Hidayatullah.com—Para politisi di Inggris mengkritik standar ganda AS atas veto yang dijatuhkannya berkaitan resolusi PBB yang mengecam Israel, yang hal itu berlainan saat Dewan Keamanan memberikan suara bulat untuk menghukum Libya.

Mantan Menteri Luar Negeri Bayangan dari Partai Demokrat Liberal, Dykes, mengatakan, sangat “menyedihkan” melihat AS sekali lagi untuk yang ke-42 kalinya telah “menghancurkan dan bahkan melakukan sabotase seenaknya” atas rancangan resolusi mengecam Israel.

“Sebuah keputusan yang menjelang bulat, dengan kata-kata resolusi yang moderat, guna meminta Israel mematuhi hukum internasional atas pendudukannya terhadap Palestina –saya sedih menggunakan kata ini– dihancurkan oleh AS,” kata Dykes, sebagaimana diberitakan IRNA, Rabu (2/3).

“Hal ini telah menyebabkan kekesalan yang besar, bahkan kebencian, terhadap Amerika di antara anggota Dewan Keamanan.

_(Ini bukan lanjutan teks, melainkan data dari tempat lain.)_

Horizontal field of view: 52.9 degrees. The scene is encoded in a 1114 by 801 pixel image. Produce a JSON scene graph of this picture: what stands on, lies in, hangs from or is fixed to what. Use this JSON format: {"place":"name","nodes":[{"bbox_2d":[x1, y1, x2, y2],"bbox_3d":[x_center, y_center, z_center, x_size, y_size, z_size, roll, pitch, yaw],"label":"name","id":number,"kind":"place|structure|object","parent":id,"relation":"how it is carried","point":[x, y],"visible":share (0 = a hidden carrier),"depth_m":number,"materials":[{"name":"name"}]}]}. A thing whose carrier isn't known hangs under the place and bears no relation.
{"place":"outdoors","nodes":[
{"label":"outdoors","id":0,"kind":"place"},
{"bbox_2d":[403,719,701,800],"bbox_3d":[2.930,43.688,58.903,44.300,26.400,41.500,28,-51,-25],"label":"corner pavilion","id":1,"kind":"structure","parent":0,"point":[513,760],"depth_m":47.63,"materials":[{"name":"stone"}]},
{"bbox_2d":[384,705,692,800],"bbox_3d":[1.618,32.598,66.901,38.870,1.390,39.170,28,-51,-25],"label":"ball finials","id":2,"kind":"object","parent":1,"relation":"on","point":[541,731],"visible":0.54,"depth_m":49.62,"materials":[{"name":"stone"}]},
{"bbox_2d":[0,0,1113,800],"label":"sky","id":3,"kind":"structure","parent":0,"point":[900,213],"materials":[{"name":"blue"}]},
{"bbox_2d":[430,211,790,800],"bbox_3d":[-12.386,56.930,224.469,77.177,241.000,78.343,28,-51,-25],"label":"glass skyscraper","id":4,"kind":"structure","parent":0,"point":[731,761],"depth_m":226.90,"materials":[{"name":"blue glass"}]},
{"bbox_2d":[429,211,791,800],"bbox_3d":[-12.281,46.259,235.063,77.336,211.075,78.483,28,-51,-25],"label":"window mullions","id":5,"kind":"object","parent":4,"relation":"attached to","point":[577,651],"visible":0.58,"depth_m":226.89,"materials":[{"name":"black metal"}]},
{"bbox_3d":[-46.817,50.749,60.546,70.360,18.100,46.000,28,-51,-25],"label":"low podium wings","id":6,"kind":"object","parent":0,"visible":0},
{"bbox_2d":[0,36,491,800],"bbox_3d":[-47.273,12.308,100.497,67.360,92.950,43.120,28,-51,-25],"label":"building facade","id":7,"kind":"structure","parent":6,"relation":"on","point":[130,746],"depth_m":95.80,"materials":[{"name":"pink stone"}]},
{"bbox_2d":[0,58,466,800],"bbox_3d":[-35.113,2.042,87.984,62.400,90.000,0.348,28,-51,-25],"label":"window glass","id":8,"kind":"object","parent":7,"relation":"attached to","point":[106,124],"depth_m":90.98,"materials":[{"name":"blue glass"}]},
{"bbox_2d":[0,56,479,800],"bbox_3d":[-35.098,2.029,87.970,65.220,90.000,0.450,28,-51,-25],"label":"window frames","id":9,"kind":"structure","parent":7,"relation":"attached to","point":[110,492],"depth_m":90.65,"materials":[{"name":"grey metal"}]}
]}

Beberapa dari mereka dengan kearifannya tampak diam, tetapi menyimpan kesedihan,” katanya.

“Sekali lagi penolakan AS untuk mengutuk perilaku, yang bahkan Presiden Reagan berulang kali menggambarkan sebagai benar-benar ilegal, makin melanjutkan kolonisasi terhadap Tepi Barat dan, tentu saja, Al Quds (Jerusalem Timur).”

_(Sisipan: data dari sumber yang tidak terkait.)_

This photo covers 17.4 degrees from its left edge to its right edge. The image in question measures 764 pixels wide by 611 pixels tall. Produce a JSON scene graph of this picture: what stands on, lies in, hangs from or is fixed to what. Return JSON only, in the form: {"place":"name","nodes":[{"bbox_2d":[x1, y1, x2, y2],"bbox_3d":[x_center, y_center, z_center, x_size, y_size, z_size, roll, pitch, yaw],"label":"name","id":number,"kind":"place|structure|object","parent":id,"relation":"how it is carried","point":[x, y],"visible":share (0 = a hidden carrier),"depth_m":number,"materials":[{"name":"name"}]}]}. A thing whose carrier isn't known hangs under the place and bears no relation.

Dykes, yang saat ini sebagai Presiden kelompok Eropa-Atlantik, mengatakan, bahwa “sekali lagi masyarakat Arab melihat AS melakukan standar ganda.”

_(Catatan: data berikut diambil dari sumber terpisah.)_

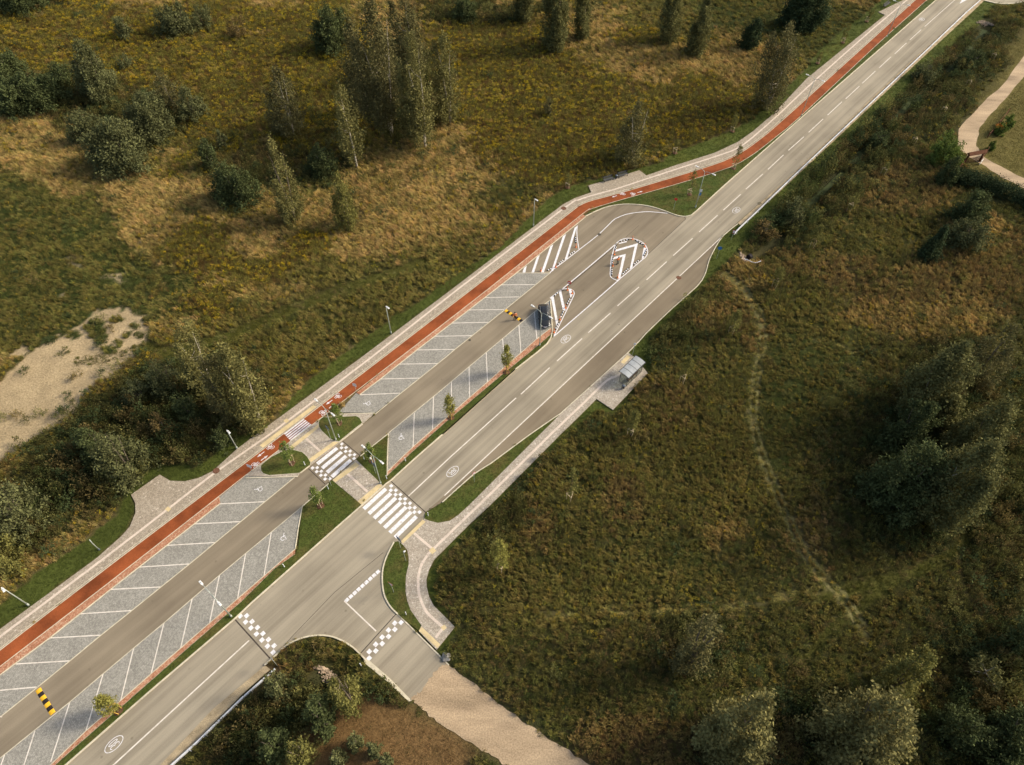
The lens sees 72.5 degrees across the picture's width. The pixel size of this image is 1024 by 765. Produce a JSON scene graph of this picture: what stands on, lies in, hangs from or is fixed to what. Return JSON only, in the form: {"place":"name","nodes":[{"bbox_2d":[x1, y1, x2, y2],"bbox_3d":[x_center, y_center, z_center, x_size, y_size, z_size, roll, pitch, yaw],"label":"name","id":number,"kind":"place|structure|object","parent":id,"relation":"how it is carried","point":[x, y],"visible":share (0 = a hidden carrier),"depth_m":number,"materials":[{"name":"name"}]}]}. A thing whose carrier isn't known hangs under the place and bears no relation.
{"place":"outdoors","nodes":[
{"label":"outdoors","id":0,"kind":"place"},
{"bbox_2d":[56,480,360,764],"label":"lawn","id":1,"kind":"structure","parent":0,"point":[311,526],"depth_m":89.48,"materials":[{"name":"green plant"}]},
{"bbox_2d":[261,450,309,474],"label":"lawn","id":2,"kind":"structure","parent":0,"point":[276,464],"depth_m":97.66,"materials":[{"name":"green plant"}]},
{"bbox_2d":[246,413,373,476],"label":"plaza","id":3,"kind":"structure","parent":0,"point":[314,443],"depth_m":99.76,"materials":[{"name":"tile"}]},
{"bbox_2d":[319,416,361,440],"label":"lawn","id":4,"kind":"structure","parent":0,"point":[347,426],"depth_m":101.64,"materials":[{"name":"green plant"}]},
{"bbox_2d":[333,460,382,503],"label":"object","id":5,"kind":"structure","parent":0,"point":[357,480],"depth_m":96.08,"materials":[{"name":"tile"}]},
{"bbox_2d":[383,541,420,630],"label":"lawn","id":6,"kind":"structure","parent":0,"point":[394,578],"depth_m":87.56,"materials":[{"name":"green plant"}]},
{"bbox_2d":[357,334,550,484],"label":"lawn","id":7,"kind":"structure","parent":0,"point":[379,450],"depth_m":99.75,"materials":[{"name":"green plant"}]},
{"bbox_2d":[0,0,925,665],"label":"cycle path","id":8,"kind":"structure","parent":0,"point":[96,584],"depth_m":109.21,"materials":[{"name":"red asphalt"}]},
{"bbox_2d":[425,415,558,522],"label":"lawn","id":9,"kind":"structure","parent":0,"point":[497,471],"depth_m":95.95,"materials":[{"name":"green plant"}]},
{"bbox_2d":[411,664,588,764],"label":"dirt road","id":10,"kind":"structure","parent":0,"point":[453,700],"depth_m":77.87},
{"bbox_2d":[0,0,1023,764],"bbox_3d":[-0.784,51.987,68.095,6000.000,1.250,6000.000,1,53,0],"label":"ground","id":11,"kind":"structure","parent":0,"point":[44,382],"depth_m":104.58,"materials":[{"name":"green plant"}]},
{"bbox_2d":[0,47,33,84],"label":"willow bush","id":12,"kind":"object","parent":11,"relation":"on","point":[9,64],"visible":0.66,"depth_m":154.12,"materials":[{"name":"green plant"}]},
{"bbox_2d":[0,533,35,582],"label":"willow bush","id":13,"kind":"object","parent":11,"relation":"on","point":[10,562],"visible":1,"depth_m":86.90,"materials":[{"name":"green plant"}]},
{"bbox_2d":[0,0,48,18],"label":"dark tree","id":14,"kind":"object","parent":11,"relation":"on","point":[21,5],"visible":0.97,"depth_m":174.58,"materials":[{"name":"green plant"}]},
{"bbox_2d":[0,477,53,545],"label":"willow bush","id":15,"kind":"object","parent":11,"relation":"on","point":[14,515],"visible":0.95,"depth_m":88.66,"materials":[{"name":"green plant"}]},
{"bbox_2d":[0,67,75,123],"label":"willow bush","id":16,"kind":"object","parent":11,"relation":"on","point":[24,91],"visible":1,"depth_m":147.27,"materials":[{"name":"green plant"}]},
{"bbox_2d":[63,105,103,146],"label":"willow bush","id":17,"kind":"object","parent":11,"relation":"on","point":[83,125],"visible":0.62,"depth_m":140.31,"materials":[{"name":"green plant"}]},
{"bbox_2d":[68,427,107,461],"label":"willow bush","id":18,"kind":"object","parent":11,"relation":"on","point":[81,440],"visible":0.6,"depth_m":94.82,"materials":[{"name":"green plant"}]},
{"bbox_2d":[65,35,118,105],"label":"willow bush","id":19,"kind":"object","parent":11,"relation":"on","point":[91,74],"visible":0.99,"depth_m":148.19,"materials":[{"name":"green plant"}]},
{"bbox_2d":[0,497,219,673],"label":"brick strip","id":20,"kind":"object","parent":11,"relation":"on","point":[46,635],"visible":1,"depth_m":86.56,"materials":[{"name":"brick"}]},
{"bbox_2d":[75,116,157,182],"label":"willow bush","id":21,"kind":"object","parent":11,"relation":"on","point":[118,143],"visible":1,"depth_m":134.34,"materials":[{"name":"green plant"}]},
{"bbox_2d":[84,431,163,496],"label":"willow bush","id":22,"kind":"object","parent":11,"relation":"on","point":[117,465],"visible":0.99,"depth_m":93.12,"materials":[{"name":"green plant"}]},
{"bbox_2d":[120,377,154,406],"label":"willow bush","id":23,"kind":"object","parent":11,"relation":"on","point":[140,387],"visible":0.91,"depth_m":101.79,"materials":[{"name":"green plant"}]},
{"bbox_2d":[0,476,293,716],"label":"parking bay","id":24,"kind":"object","parent":11,"relation":"on","point":[242,498],"visible":1,"depth_m":86.68,"materials":[{"name":"grey stone"}]},
{"bbox_2d":[0,507,301,764],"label":"parking bay","id":25,"kind":"object","parent":11,"relation":"on","point":[54,737],"visible":0.98,"depth_m":82.32,"materials":[{"name":"grey stone"}]},
{"bbox_2d":[121,88,183,147],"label":"willow bush","id":26,"kind":"object","parent":11,"relation":"on","point":[146,115],"visible":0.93,"depth_m":140.23,"materials":[{"name":"green plant"}]},
{"bbox_2d":[141,358,184,401],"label":"willow bush","id":27,"kind":"object","parent":11,"relation":"on","point":[154,380],"visible":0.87,"depth_m":102.19,"materials":[{"name":"green plant"}]},
{"bbox_2d":[151,70,188,115],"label":"willow bush","id":28,"kind":"object","parent":11,"relation":"on","point":[166,94],"visible":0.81,"depth_m":147.47,"materials":[{"name":"green plant"}]},
{"bbox_2d":[149,0,195,41],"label":"meadow shrub","id":29,"kind":"object","parent":11,"relation":"on","point":[178,20],"visible":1,"depth_m":168.37,"materials":[{"name":"green plant"}]},
{"bbox_2d":[51,550,294,764],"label":"brick strip","id":30,"kind":"object","parent":11,"relation":"on","point":[139,687],"visible":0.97,"depth_m":81.32,"materials":[{"name":"brick"}]},
{"bbox_2d":[91,692,122,716],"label":"young tree","id":31,"kind":"object","parent":30,"relation":"on","point":[106,701],"visible":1,"depth_m":75.41,"materials":[{"name":"green plant"}]},
{"bbox_2d":[168,391,204,425],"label":"willow bush","id":32,"kind":"object","parent":11,"relation":"on","point":[184,405],"visible":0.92,"depth_m":99.74,"materials":[{"name":"green plant"}]},
{"bbox_2d":[172,84,209,126],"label":"willow bush","id":33,"kind":"object","parent":11,"relation":"on","point":[193,107],"visible":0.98,"depth_m":146.41,"materials":[{"name":"green plant"}]},
{"bbox_2d":[170,318,218,401],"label":"birch tree","id":34,"kind":"object","parent":11,"relation":"on","point":[188,362],"visible":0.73,"depth_m":98.61,"materials":[{"name":"green plant"}]},
{"bbox_2d":[190,3,216,32],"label":"meadow shrub","id":35,"kind":"object","parent":11,"relation":"on","point":[205,15],"visible":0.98,"depth_m":170.88,"materials":[{"name":"green plant"}]},
{"bbox_2d":[161,666,269,764],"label":"gravel shoulder","id":36,"kind":"object","parent":11,"relation":"on","point":[211,718],"visible":1,"depth_m":77.98},
{"bbox_2d":[192,353,242,427],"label":"birch tree","id":37,"kind":"object","parent":11,"relation":"on","point":[211,396],"visible":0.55,"depth_m":94.84,"materials":[{"name":"green plant"}]},
{"bbox_2d":[207,158,269,215],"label":"round bush","id":38,"kind":"object","parent":11,"relation":"on","point":[234,186],"visible":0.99,"depth_m":128.81,"materials":[{"name":"green plant"}]},
{"bbox_2d":[208,337,274,436],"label":"birch tree","id":39,"kind":"object","parent":11,"relation":"on","point":[247,399],"visible":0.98,"depth_m":95.33,"materials":[{"name":"green plant"}]},
{"bbox_2d":[255,726,297,764],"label":"ditch willow","id":40,"kind":"object","parent":11,"relation":"on","point":[272,747],"visible":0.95,"depth_m":73.13,"materials":[{"name":"green plant"}]},
{"bbox_2d":[262,668,292,703],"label":"ditch willow","id":41,"kind":"object","parent":11,"relation":"on","point":[276,691],"visible":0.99,"depth_m":77.38,"materials":[{"name":"green plant"}]},
{"bbox_2d":[261,64,306,139],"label":"birch tree","id":42,"kind":"object","parent":11,"relation":"on","point":[280,127],"visible":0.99,"depth_m":140.25,"materials":[{"name":"green plant"}]},
{"bbox_2d":[266,130,305,228],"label":"alder tree","id":43,"kind":"object","parent":11,"relation":"on","point":[293,206],"visible":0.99,"depth_m":123.72,"materials":[{"name":"green plant"}]},
{"bbox_2d":[284,733,315,764],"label":"ditch willow","id":44,"kind":"object","parent":11,"relation":"on","point":[299,751],"visible":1,"depth_m":72.69,"materials":[{"name":"green plant"}]},
{"bbox_2d":[298,690,337,745],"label":"ditch willow","id":45,"kind":"object","parent":11,"relation":"on","point":[316,712],"visible":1,"depth_m":73.47,"materials":[{"name":"green plant"}]},
{"bbox_2d":[301,142,338,182],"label":"meadow shrub","id":46,"kind":"object","parent":11,"relation":"on","point":[323,162],"visible":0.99,"depth_m":134.73,"materials":[{"name":"green plant"}]},
{"bbox_2d":[306,1,348,58],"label":"dark tree","id":47,"kind":"object","parent":11,"relation":"on","point":[328,37],"visible":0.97,"depth_m":162.46,"materials":[{"name":"green plant"}]},
{"bbox_2d":[0,205,685,756],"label":"parking lane","id":48,"kind":"structure","parent":11,"relation":"on","point":[588,269],"depth_m":102.34,"materials":[{"name":"grey asphalt"}]},
{"bbox_2d":[329,169,357,232],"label":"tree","id":49,"kind":"object","parent":11,"relation":"on","point":[345,205],"visible":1,"depth_m":124.04,"materials":[{"name":"green plant"}]},
{"bbox_2d":[324,673,363,719],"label":"ditch willow","id":50,"kind":"object","parent":11,"relation":"on","point":[345,699],"visible":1,"depth_m":74.70,"materials":[{"name":"green plant"}]},
{"bbox_2d":[331,80,367,169],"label":"birch tree","id":51,"kind":"object","parent":11,"relation":"on","point":[345,132],"visible":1,"depth_m":132.17,"materials":[{"name":"green plant"}]},
{"bbox_2d":[340,14,371,118],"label":"birch tree","id":52,"kind":"object","parent":11,"relation":"on","point":[348,33],"visible":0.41,"depth_m":141.10,"materials":[{"name":"green plant"}]},
{"bbox_2d":[346,0,402,135],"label":"birch tree","id":53,"kind":"object","parent":11,"relation":"on","point":[379,87],"visible":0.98,"depth_m":134.32,"materials":[{"name":"green plant"}]},
{"bbox_2d":[384,0,428,80],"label":"birch tree","id":54,"kind":"object","parent":11,"relation":"on","point":[411,22],"visible":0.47,"depth_m":149.27,"materials":[{"name":"green plant"}]},
{"bbox_2d":[392,27,439,149],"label":"birch tree","id":55,"kind":"object","parent":11,"relation":"on","point":[419,120],"visible":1,"depth_m":134.03,"materials":[{"name":"green plant"}]},
{"bbox_2d":[340,273,548,412],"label":"parking bay","id":56,"kind":"object","parent":11,"relation":"on","point":[406,373],"visible":0.99,"depth_m":111.19,"materials":[{"name":"grey stone"}]},
{"bbox_2d":[429,29,464,126],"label":"birch tree","id":57,"kind":"object","parent":11,"relation":"on","point":[445,99],"visible":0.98,"depth_m":140.87,"materials":[{"name":"green plant"}]},
{"bbox_2d":[0,0,914,648],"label":"footpath","id":58,"kind":"structure","parent":11,"relation":"on","point":[158,500],"depth_m":107.46,"materials":[{"name":"concrete"}]},
{"bbox_2d":[388,301,551,469],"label":"parking bay","id":59,"kind":"object","parent":11,"relation":"on","point":[412,430],"visible":0.97,"depth_m":106.12,"materials":[{"name":"grey stone"}]},
{"bbox_2d":[388,328,551,473],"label":"brick strip","id":60,"kind":"object","parent":11,"relation":"on","point":[527,350],"visible":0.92,"depth_m":106.49,"materials":[{"name":"brick"}]},
{"bbox_2d":[356,214,585,394],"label":"brick strip","id":61,"kind":"object","parent":11,"relation":"on","point":[476,300],"visible":1,"depth_m":117.01,"materials":[{"name":"brick"}]},
{"bbox_2d":[0,0,994,764],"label":"verge grass","id":62,"kind":"structure","parent":11,"relation":"on","point":[518,364],"depth_m":113.83,"materials":[{"name":"green plant"}]},
{"bbox_2d":[0,0,1023,764],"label":"tall grass","id":63,"kind":"structure","parent":11,"relation":"on","point":[200,200],"depth_m":118.31,"materials":[{"name":"plant"}]},
{"bbox_2d":[0,0,1023,764],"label":"tall weeds","id":64,"kind":"object","parent":11,"relation":"on","point":[598,108],"visible":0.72,"depth_m":117.99,"materials":[{"name":"green plant"}]},
{"bbox_2d":[0,0,1023,764],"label":"thicket","id":65,"kind":"object","parent":11,"relation":"on","point":[990,700],"visible":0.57,"depth_m":98.62,"materials":[{"name":"green plant"}]},
{"bbox_2d":[0,0,1023,764],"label":"goldenrod","id":66,"kind":"object","parent":11,"relation":"on","point":[324,116],"visible":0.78,"depth_m":149.44,"materials":[{"name":"plant"}]},
{"bbox_2d":[0,0,1023,764],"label":"kerb","id":67,"kind":"structure","parent":11,"relation":"on","point":[372,446],"depth_m":96.44,"materials":[{"name":"beige concrete"}]},
{"bbox_2d":[401,353,647,649],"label":"footpath","id":68,"kind":"structure","parent":11,"relation":"on","point":[425,543],"depth_m":92.92,"materials":[{"name":"tile"}]},
{"bbox_2d":[74,4,1023,764],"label":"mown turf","id":69,"kind":"structure","parent":11,"relation":"on","point":[418,266],"depth_m":109.05,"materials":[{"name":"green plant"}]},
{"bbox_2d":[539,0,571,55],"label":"poplar tree","id":70,"kind":"object","parent":11,"relation":"on","point":[556,22],"visible":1,"depth_m":162.41,"materials":[{"name":"green plant"}]},
{"bbox_2d":[428,238,720,510],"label":"bus bay","id":71,"kind":"object","parent":11,"relation":"on","point":[610,354],"visible":1,"depth_m":109.91,"materials":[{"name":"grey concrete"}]},
{"bbox_2d":[572,0,596,40],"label":"poplar tree","id":72,"kind":"object","parent":11,"relation":"on","point":[582,16],"visible":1,"depth_m":166.35,"materials":[{"name":"green plant"}]},
{"bbox_2d":[612,97,649,168],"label":"old birch","id":73,"kind":"object","parent":11,"relation":"on","point":[633,146],"visible":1,"depth_m":136.16,"materials":[{"name":"green plant"}]},
{"bbox_2d":[656,0,685,46],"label":"poplar tree","id":74,"kind":"object","parent":11,"relation":"on","point":[670,22],"visible":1,"depth_m":166.08,"materials":[{"name":"green plant"}]},
{"bbox_2d":[668,610,724,680],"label":"dark tree","id":75,"kind":"object","parent":11,"relation":"on","point":[696,647],"visible":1,"depth_m":75.51,"materials":[{"name":"green plant"}]},
{"bbox_2d":[683,0,713,58],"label":"poplar tree","id":76,"kind":"object","parent":11,"relation":"on","point":[696,42],"visible":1,"depth_m":162.06,"materials":[{"name":"green plant"}]},
{"bbox_2d":[689,687,783,764],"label":"willow tree","id":77,"kind":"object","parent":11,"relation":"on","point":[730,734],"visible":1,"depth_m":68.50,"materials":[{"name":"green plant"}]},
{"bbox_2d":[735,16,764,50],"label":"spruce tree","id":78,"kind":"object","parent":11,"relation":"on","point":[750,35],"visible":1,"depth_m":165.97,"materials":[{"name":"green plant"}]},
{"bbox_2d":[746,20,801,115],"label":"old birch","id":79,"kind":"object","parent":11,"relation":"on","point":[781,61],"visible":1,"depth_m":145.45,"materials":[{"name":"green plant"}]},
{"bbox_2d":[722,273,866,637],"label":"wheel rut","id":80,"kind":"structure","parent":11,"relation":"on","point":[832,590],"depth_m":98.05,"materials":[{"name":"soil"}]},
{"bbox_2d":[727,272,872,633],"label":"wheel rut","id":81,"kind":"structure","parent":11,"relation":"on","point":[789,514],"depth_m":96.80,"materials":[{"name":"soil"}]},
{"bbox_2d":[774,0,833,35],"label":"dark tree","id":82,"kind":"object","parent":11,"relation":"on","point":[805,15],"visible":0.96,"depth_m":171.41,"materials":[{"name":"green plant"}]},
{"bbox_2d":[733,0,980,234],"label":"guardrail","id":83,"kind":"object","parent":11,"relation":"on","point":[769,199],"visible":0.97,"depth_m":148.68,"materials":[{"name":"metal"}]},
{"bbox_2d":[791,679,923,764],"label":"willow tree","id":84,"kind":"object","parent":11,"relation":"on","point":[853,731],"visible":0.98,"depth_m":69.05,"materials":[{"name":"green plant"}]},
{"bbox_2d":[738,0,983,224],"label":"gravel shoulder","id":85,"kind":"object","parent":11,"relation":"on","point":[758,206],"visible":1,"depth_m":155.53},
{"bbox_2d":[846,434,959,531],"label":"dark tree","id":86,"kind":"object","parent":11,"relation":"on","point":[890,477],"visible":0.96,"depth_m":88.38,"materials":[{"name":"green plant"}]},
{"bbox_2d":[870,641,942,702],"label":"willow tree","id":87,"kind":"object","parent":11,"relation":"on","point":[911,678],"visible":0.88,"depth_m":74.88,"materials":[{"name":"green plant"}]},
{"bbox_2d":[875,396,945,457],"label":"dark tree","id":88,"kind":"object","parent":11,"relation":"on","point":[903,430],"visible":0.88,"depth_m":95.42,"materials":[{"name":"green plant"}]},
{"bbox_2d":[914,224,950,263],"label":"spruce tree","id":89,"kind":"object","parent":11,"relation":"on","point":[930,248],"visible":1,"depth_m":122.07,"materials":[{"name":"green plant"}]},
{"bbox_2d":[891,337,986,438],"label":"poplar tree","id":90,"kind":"object","parent":11,"relation":"on","point":[937,377],"visible":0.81,"depth_m":95.50,"materials":[{"name":"green plant"}]},
{"bbox_2d":[925,129,966,166],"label":"garden bush","id":91,"kind":"object","parent":11,"relation":"on","point":[947,147],"visible":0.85,"depth_m":139.23,"materials":[{"name":"green plant"}]},
{"bbox_2d":[934,155,964,189],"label":"garden bush","id":92,"kind":"object","parent":11,"relation":"on","point":[942,176],"visible":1,"depth_m":135.40,"materials":[{"name":"green plant"}]},
{"bbox_2d":[900,436,1014,539],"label":"birch tree","id":93,"kind":"object","parent":11,"relation":"on","point":[975,497],"visible":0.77,"depth_m":84.58,"materials":[{"name":"green plant"}]},
{"bbox_2d":[929,696,1000,762],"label":"dark tree","id":94,"kind":"object","parent":11,"relation":"on","point":[970,737],"visible":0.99,"depth_m":74.80,"materials":[{"name":"green plant"}]},
{"bbox_2d":[938,186,994,227],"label":"garden bush","id":95,"kind":"object","parent":11,"relation":"on","point":[976,206],"visible":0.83,"depth_m":128.06,"materials":[{"name":"green plant"}]},
{"bbox_2d":[946,216,995,254],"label":"garden bush","id":96,"kind":"object","parent":11,"relation":"on","point":[966,235],"visible":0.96,"depth_m":124.15,"materials":[{"name":"green plant"}]},
{"bbox_2d":[931,390,1022,473],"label":"dark tree","id":97,"kind":"object","parent":11,"relation":"on","point":[982,424],"visible":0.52,"depth_m":90.66,"materials":[{"name":"green plant"}]},
{"bbox_2d":[948,165,1023,208],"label":"garden hedge","id":98,"kind":"object","parent":11,"relation":"on","point":[997,187],"visible":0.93,"depth_m":134.82,"materials":[{"name":"green plant"}]},
{"bbox_2d":[965,649,1006,692],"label":"birch tree","id":99,"kind":"object","parent":11,"relation":"on","point":[981,660],"visible":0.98,"depth_m":79.13,"materials":[{"name":"green plant"}]},
{"bbox_2d":[961,319,1021,395],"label":"poplar tree","id":100,"kind":"object","parent":11,"relation":"on","point":[1006,352],"visible":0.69,"depth_m":101.37,"materials":[{"name":"green plant"}]},
{"bbox_2d":[965,738,1023,764],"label":"dark tree","id":101,"kind":"object","parent":11,"relation":"on","point":[998,752],"visible":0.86,"depth_m":73.74,"materials":[{"name":"green plant"}]},
{"bbox_2d":[976,700,1023,764],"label":"dark tree","id":102,"kind":"object","parent":11,"relation":"on","point":[1013,721],"visible":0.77,"depth_m":74.16,"materials":[{"name":"green plant"}]},
{"bbox_2d":[995,607,1023,663],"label":"dark tree","id":103,"kind":"object","parent":11,"relation":"on","point":[1014,637],"visible":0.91,"depth_m":80.91,"materials":[{"name":"green plant"}]},
{"bbox_2d":[68,0,976,764],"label":"road","id":104,"kind":"structure","parent":0,"point":[330,584],"depth_m":94.20,"materials":[{"name":"grey asphalt"}]},
{"bbox_2d":[588,0,934,215],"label":"lawn","id":105,"kind":"structure","parent":0,"point":[670,200],"depth_m":135.90,"materials":[{"name":"green plant"}]},
{"bbox_2d":[792,29,989,225],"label":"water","id":106,"kind":"structure","parent":0,"point":[827,187],"depth_m":145.14,"materials":[{"name":"green liquid"}]},
{"bbox_2d":[958,57,1023,187],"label":"dirt road","id":107,"kind":"structure","parent":0,"point":[968,133],"depth_m":151.10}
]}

“Ketika Saddam Hussein menyerbu Kuwait, hanya membutuhkan waktu satu tahun untuk mengusirnya. PBB, dengan langka yang benar,  tidak ragu-ragu bertindak. Sementara  Israel menginvasi Tepi Barat, telah  44 tahun negara itu masih bercokol di wilayah itu,” katanya saat perdebatan singkat di parlemen pada hari Senin (28/2).

Dia mengatakan, veto itu, berbeda dengan Uni Eropa yang berdiri di sudut yang lain, “akan melekatkan kesan yang tidak nyaman dan keburukan pada diri sendiri, yang lebih jauh mengikis kepemimpinan Amerika di dunia Barat.”

Anggota Partai Buruh, Judd mengatakan bahwa secara historis itu menjadi “tragedi besar” melihat AS berperilaku, sebagaimana di PBB itu yang bertindak untuk kepentingan diri sendiri, untuk menegakkan hukum-hukum internasional penting pada saat Amerika Serikat “tidak lagi memiliki pengaruh.”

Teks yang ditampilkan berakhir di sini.